Egyptian voters are going to the polls in the first presidential vote to be held since the toppling of former President Hosni Mubarak a year ago. The country's premier has appealed for calm, whatever the outcome.
Voters across Egypt are casting their votes at polling stations across the country on Wednesday, with 13 candidates contesting presidential elections.
Members of the country's ruling military council have called on all members of the electorate to take part in the "first step" of the country's democratic process.
Egyptian Prime Minister Kamal el-Ganzouri on Tuesday appealed for calm, urging people to accept the result of the poll.
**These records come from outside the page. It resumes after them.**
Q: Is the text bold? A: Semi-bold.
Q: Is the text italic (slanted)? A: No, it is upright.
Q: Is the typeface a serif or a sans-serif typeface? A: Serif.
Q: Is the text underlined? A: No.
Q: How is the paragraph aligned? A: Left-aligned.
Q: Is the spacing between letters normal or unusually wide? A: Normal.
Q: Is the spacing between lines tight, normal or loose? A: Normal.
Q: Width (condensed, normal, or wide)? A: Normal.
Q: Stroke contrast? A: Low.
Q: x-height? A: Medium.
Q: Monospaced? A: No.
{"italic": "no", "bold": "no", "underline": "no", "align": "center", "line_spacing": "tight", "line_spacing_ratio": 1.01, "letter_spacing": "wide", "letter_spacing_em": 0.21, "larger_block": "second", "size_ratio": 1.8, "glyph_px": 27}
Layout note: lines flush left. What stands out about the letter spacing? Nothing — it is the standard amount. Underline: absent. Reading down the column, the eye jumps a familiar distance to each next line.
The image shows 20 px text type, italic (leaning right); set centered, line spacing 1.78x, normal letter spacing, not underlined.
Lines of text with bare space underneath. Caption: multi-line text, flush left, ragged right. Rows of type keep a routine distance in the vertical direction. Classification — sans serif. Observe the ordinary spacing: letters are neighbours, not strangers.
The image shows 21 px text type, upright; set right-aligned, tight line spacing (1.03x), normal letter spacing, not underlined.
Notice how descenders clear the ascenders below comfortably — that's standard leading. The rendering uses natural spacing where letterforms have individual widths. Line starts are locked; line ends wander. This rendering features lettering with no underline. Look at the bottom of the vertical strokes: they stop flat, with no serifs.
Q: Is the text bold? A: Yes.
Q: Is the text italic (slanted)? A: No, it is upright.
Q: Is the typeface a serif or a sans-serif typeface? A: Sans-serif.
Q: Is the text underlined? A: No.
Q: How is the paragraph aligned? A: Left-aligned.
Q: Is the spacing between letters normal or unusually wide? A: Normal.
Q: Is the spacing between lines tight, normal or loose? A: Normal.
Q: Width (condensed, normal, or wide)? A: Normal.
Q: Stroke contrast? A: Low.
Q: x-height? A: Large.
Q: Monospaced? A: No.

That plea came after several political groups vowed to stage mass demonstrations if candidates associated with the Mubarak regime win.
Among the leading contenders are Mubarak's last premier Ahmed Shafiq and former foreign minister and Arab League head Amr Moussa.
Others include the Muslim Brotherhood's Mohammed Morsi, independent Islamist Abdel-Monaem Abul-Fetouh and the leftist contender, Hamdeen Sabahy.
Advocates of political Islam made a good showing in parliamentary voting that ended in January.
However, none of the 12 candidates was expected to secure more than half the votes in the first round, making a run-off between the top two likely in June.
The contest is a unique moment for a nation in which elections during Mubarak's 30-year rule were thinly attended, being perceived to be a foregone conclusion.
More than 50 million people are eligible to vote in the two-day poll, from a population of 80 million.